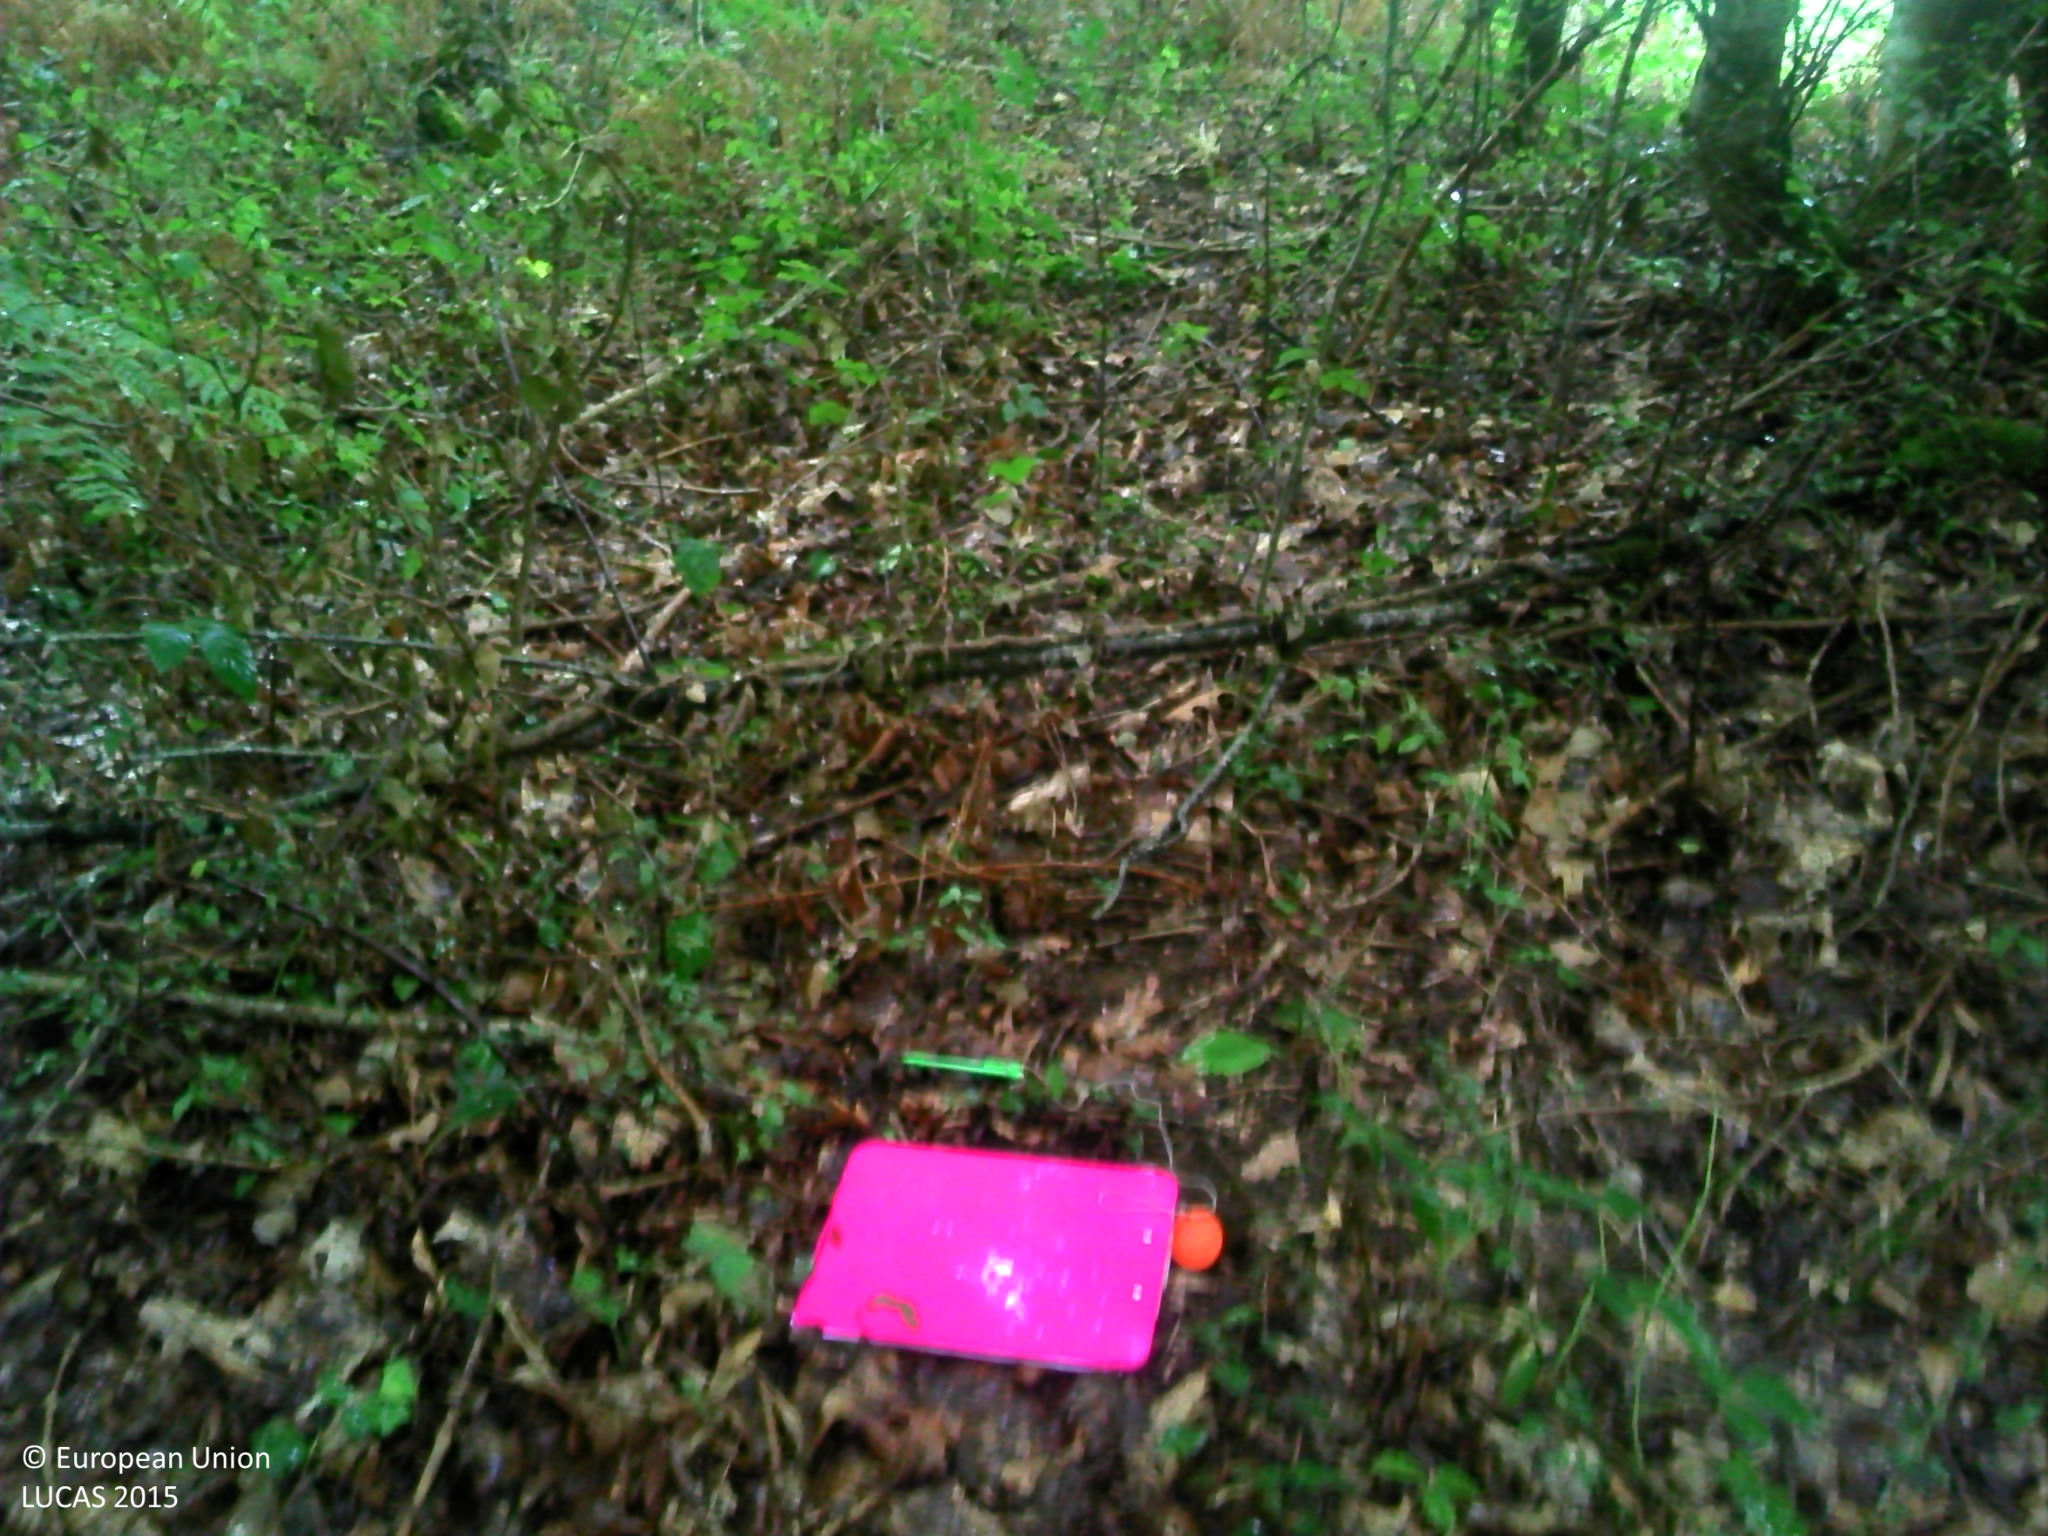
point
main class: Woodland
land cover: Broadleaved woodland
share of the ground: > 75 %
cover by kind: broadleaved forest trees 95 %, coniferous forest trees 5 %
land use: Semi-natural and natural areas not in use
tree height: > 5 m
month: August
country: FR
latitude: 45.9863
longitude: 0.9646

━━━

Return the data verbatim, leaving out the pictures it holds.

point
main class: Woodland
land cover: Broadleaved woodland
share of the ground: > 75 %
cover by kind: broadleaved forest trees 95 %, coniferous forest trees 5 %
land use: Semi-natural and natural areas not in use
tree height: > 5 m
month: August
country: FR
latitude: 45.9863
longitude: 0.9646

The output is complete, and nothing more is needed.